The Northwestern Ontario Municipal Association president hopes the embattled senator will step aside.
Landry
Shuniah mayor and NOMA president, Wendy Landry. (File).

THUNDER BAY - The Northwestern Ontario Municipal Association has joined a growing chorus of municipalities, Indigenous leaders, and mayors calling for Senator Lynn Beyak’s resignation.

The NOMA board voted in favour of calling for Beyak’s resignation after comments made by the senator from Northwestern Ontario in an open letter issued earlier this month speaking out about the federal government’s decision to create a second ministry responsible for Indigenous issues.

In the letter, Beyak said the problems facing Indigenous people do not relate to the residential school system, but rather are related to the “Indian Act Industry in Ottawa.”

Beyak, who was appointed to the Senate by Prime Minister Stephen Harper and served on the Senate’s Aboriginal People’s committee, first made headlines when she said some Indigenous youth benefited from the residential school system during a Mar. 7 Senate speech.

NOMA president and Shuniah mayor, Wendy Landry, said the call for her resignation from the mayors of Winnipeg and Edmonton, as well as reaction throughout communities in the region, spurred the board to call the vote.

“She is definitely our representative of Northwestern Ontario and we have a large population of Indigenous people,” she said. “And I think it doesn’t help when we are working towards truth and reconciliation, it doesn’t help with building our relationships, and it doesn’t help with our municipalities moving forward with the initiatives we want to do in working with our First Nations.”

Sioux Lookout mayor, Doug Lawrance, also spoke out against Beyak’s comments and said as a representative from Northwestern Ontario, particularly in the Dryden/Sioux Lookout area that had nine residential schools, her comments are offensive to Indigenous and non-Indigenous people.

Lawrance first spoke out against Beyak’s Mar. 7 speech and invited the senator to meet with the Truth and Reconciliation Committee in Sioux Lookout.
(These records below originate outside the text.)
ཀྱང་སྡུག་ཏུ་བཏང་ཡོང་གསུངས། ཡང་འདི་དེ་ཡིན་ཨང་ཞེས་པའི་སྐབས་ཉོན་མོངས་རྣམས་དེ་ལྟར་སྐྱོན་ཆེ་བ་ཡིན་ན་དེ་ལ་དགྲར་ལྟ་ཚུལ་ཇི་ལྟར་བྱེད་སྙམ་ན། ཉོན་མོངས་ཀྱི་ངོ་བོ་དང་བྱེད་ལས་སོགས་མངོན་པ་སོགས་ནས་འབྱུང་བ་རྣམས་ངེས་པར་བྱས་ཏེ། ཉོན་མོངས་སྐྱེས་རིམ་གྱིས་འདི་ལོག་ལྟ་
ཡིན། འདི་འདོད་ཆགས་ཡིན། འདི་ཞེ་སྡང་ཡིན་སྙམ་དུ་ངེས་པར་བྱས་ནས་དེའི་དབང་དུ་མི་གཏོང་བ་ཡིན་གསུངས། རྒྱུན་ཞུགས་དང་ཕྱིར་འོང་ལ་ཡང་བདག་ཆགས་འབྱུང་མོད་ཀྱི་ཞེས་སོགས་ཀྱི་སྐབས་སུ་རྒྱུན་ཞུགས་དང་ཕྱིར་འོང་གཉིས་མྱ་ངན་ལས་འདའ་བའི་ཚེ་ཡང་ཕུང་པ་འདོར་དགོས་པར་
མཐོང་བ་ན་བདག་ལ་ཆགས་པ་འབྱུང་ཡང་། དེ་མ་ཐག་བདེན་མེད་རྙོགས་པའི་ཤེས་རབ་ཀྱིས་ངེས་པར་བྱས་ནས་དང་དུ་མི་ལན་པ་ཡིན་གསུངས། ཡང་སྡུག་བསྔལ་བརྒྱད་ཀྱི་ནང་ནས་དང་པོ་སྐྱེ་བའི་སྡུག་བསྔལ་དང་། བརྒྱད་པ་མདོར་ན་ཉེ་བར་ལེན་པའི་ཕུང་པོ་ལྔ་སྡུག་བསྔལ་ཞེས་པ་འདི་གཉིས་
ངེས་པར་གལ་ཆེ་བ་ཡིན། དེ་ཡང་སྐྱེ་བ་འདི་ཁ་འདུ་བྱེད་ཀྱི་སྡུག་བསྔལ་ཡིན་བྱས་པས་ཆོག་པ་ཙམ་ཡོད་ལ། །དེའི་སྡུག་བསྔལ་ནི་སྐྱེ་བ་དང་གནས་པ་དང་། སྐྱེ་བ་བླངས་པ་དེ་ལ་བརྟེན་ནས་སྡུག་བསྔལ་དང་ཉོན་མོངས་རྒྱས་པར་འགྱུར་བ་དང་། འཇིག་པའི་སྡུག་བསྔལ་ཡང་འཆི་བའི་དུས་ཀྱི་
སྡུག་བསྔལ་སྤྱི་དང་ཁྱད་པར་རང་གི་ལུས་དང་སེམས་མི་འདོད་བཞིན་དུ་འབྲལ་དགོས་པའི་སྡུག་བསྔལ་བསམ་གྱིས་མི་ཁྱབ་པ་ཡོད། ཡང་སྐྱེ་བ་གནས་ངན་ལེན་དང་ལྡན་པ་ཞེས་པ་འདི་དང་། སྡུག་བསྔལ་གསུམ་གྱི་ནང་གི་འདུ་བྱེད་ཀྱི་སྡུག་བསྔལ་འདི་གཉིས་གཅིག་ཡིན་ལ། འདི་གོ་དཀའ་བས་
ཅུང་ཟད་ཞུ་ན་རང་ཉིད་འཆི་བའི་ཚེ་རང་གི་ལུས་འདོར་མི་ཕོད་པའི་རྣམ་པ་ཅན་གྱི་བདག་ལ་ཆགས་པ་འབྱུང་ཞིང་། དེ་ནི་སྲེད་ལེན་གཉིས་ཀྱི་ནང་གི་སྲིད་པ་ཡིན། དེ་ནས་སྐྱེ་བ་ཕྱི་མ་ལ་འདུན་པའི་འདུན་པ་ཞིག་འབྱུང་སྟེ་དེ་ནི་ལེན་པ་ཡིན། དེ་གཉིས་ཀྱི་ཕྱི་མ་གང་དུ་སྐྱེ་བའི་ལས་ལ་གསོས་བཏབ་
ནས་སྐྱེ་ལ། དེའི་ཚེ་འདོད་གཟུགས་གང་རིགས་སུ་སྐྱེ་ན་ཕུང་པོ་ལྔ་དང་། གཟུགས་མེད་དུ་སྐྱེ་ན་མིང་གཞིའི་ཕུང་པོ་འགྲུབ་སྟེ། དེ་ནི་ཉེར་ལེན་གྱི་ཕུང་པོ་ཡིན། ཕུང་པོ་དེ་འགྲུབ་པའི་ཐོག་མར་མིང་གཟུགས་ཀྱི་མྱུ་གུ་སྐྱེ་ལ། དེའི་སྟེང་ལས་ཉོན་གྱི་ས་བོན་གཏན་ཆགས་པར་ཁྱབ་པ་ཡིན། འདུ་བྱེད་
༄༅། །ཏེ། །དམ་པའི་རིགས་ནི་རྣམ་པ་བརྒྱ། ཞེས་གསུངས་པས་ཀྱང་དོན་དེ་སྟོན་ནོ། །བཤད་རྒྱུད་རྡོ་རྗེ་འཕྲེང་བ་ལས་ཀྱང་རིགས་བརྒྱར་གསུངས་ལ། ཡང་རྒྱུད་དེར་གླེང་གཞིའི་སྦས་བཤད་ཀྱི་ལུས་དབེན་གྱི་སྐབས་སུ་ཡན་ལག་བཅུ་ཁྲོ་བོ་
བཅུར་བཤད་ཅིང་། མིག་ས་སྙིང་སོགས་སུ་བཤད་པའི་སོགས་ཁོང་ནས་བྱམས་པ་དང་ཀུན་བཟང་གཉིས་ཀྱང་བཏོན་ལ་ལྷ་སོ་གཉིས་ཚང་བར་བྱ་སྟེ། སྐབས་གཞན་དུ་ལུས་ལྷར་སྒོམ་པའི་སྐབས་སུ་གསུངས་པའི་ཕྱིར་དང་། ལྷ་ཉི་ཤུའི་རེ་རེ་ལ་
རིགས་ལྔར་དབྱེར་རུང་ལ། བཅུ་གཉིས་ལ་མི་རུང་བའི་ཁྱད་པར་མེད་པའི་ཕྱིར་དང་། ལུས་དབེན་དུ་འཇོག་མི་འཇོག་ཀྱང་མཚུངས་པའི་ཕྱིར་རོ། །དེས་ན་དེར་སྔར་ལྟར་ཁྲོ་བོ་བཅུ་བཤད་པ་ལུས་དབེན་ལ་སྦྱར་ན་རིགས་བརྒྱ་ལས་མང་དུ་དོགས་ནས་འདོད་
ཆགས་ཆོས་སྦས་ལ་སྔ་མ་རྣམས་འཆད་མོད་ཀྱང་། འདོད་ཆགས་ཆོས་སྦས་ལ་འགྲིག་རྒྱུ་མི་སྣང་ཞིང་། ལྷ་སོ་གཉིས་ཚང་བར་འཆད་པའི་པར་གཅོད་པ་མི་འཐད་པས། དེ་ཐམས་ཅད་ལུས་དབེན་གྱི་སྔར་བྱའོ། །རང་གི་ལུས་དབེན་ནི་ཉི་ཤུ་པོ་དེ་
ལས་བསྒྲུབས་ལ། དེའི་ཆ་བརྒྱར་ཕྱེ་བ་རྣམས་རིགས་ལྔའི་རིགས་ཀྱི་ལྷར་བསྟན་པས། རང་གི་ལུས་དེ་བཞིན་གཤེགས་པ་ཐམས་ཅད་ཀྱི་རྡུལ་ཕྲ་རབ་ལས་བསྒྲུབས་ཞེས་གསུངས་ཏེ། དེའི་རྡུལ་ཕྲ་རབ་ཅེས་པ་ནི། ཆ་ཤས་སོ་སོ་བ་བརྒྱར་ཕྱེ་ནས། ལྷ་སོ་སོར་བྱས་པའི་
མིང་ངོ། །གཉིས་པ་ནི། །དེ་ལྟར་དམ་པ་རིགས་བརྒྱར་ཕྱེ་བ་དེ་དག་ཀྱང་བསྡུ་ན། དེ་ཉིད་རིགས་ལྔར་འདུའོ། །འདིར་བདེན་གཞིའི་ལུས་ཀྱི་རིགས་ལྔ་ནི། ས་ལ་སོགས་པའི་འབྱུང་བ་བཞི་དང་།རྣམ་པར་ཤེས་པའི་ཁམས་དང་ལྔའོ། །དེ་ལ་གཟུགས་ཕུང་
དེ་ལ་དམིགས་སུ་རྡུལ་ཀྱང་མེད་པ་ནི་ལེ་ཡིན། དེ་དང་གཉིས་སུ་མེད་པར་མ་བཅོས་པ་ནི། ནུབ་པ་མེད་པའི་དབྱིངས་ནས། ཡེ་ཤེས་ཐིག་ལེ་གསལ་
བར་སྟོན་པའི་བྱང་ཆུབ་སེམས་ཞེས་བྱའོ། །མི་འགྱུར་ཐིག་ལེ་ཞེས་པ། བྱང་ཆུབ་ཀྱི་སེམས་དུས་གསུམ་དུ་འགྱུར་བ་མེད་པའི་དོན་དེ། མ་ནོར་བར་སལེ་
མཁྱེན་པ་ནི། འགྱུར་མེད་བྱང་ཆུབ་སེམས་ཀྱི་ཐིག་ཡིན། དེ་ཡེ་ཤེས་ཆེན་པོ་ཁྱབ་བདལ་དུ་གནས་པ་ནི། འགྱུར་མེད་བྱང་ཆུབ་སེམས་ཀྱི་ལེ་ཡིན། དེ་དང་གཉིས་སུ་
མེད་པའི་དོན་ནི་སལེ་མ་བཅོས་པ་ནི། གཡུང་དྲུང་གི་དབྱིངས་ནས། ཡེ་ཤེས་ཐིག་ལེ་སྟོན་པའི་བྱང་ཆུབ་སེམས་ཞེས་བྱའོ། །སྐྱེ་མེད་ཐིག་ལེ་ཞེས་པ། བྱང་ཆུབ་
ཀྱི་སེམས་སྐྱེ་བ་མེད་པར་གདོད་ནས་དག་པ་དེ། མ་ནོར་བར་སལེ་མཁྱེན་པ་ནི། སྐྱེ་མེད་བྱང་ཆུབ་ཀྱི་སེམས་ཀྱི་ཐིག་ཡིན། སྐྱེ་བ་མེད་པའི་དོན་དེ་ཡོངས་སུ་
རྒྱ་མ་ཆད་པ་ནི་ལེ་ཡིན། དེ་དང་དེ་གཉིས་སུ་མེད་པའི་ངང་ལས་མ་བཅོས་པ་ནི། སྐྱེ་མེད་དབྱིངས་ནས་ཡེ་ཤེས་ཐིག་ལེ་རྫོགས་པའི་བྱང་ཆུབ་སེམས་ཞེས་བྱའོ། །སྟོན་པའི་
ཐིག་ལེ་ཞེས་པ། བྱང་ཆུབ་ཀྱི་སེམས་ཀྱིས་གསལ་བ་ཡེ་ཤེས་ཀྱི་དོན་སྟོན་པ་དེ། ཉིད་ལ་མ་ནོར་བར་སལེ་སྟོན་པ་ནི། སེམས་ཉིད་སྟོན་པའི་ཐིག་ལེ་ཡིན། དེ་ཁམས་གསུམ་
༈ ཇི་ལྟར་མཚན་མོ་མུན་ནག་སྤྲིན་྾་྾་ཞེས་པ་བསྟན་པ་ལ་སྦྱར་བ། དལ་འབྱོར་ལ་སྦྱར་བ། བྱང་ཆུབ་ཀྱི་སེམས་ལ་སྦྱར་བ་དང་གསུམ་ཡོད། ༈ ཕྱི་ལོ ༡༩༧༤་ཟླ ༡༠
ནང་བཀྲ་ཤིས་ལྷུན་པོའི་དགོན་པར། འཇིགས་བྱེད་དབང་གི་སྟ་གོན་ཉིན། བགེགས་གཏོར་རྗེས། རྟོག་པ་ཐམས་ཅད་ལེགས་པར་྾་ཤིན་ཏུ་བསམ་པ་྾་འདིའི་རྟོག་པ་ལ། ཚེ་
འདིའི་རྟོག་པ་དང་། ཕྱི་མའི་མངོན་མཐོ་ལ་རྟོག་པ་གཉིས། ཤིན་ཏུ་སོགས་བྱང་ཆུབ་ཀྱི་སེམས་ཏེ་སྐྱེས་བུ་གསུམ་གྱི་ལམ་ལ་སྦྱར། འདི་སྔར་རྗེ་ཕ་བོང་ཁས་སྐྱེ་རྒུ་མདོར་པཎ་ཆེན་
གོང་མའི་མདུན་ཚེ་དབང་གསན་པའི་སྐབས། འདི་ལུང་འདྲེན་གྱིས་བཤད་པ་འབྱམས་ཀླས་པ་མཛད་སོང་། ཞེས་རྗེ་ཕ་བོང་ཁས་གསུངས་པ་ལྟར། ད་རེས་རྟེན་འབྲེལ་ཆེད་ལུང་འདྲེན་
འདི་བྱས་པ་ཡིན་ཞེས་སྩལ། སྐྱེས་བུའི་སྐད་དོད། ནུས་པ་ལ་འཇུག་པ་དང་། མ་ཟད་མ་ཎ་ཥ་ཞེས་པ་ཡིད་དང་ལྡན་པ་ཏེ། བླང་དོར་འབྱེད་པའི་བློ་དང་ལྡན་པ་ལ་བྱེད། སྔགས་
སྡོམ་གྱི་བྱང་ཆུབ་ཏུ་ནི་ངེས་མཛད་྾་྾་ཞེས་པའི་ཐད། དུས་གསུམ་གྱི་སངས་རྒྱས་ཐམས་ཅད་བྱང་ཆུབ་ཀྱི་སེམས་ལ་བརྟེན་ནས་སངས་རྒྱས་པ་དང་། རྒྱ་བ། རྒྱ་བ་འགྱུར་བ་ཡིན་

The senator accepted the invitation and met with the committee, along with four survivors of the residential school system at the Meno Ya Win Health Centre.

But both Lawrance and members of the committee feel Beyak’s most recent open letter and use of a photo of the meeting in a link on her webpage was an affront to all those participating.

“Her comments after that meeting, and her use of the photograph, indicating that all was well between us and her and her stance on reconciliation, I think quite honestly we felt manipulated by her use of the photo and her association with the comment she made,” he said.

“Obviously she has a long path to go in terms of knowledge and truth and reconciliation,” Lawrance continued. “So far in fact, I think it’s time for her removal from the senate.”

With the growing number of people calling for the embattled senator to step aside, Landry said she hopes Beyak, who is in a position of influence where comments are usually held in high regard, will resign.

“If you are making comments that are not only incorrect, but targeting a specific group and dividing our communities and making problems for our relationship building processes in the year we are all recognizing truth and reconciliation and what the TRC Commission brought forward in the recommendations, I think you are working against what Canada is working towards,” she said.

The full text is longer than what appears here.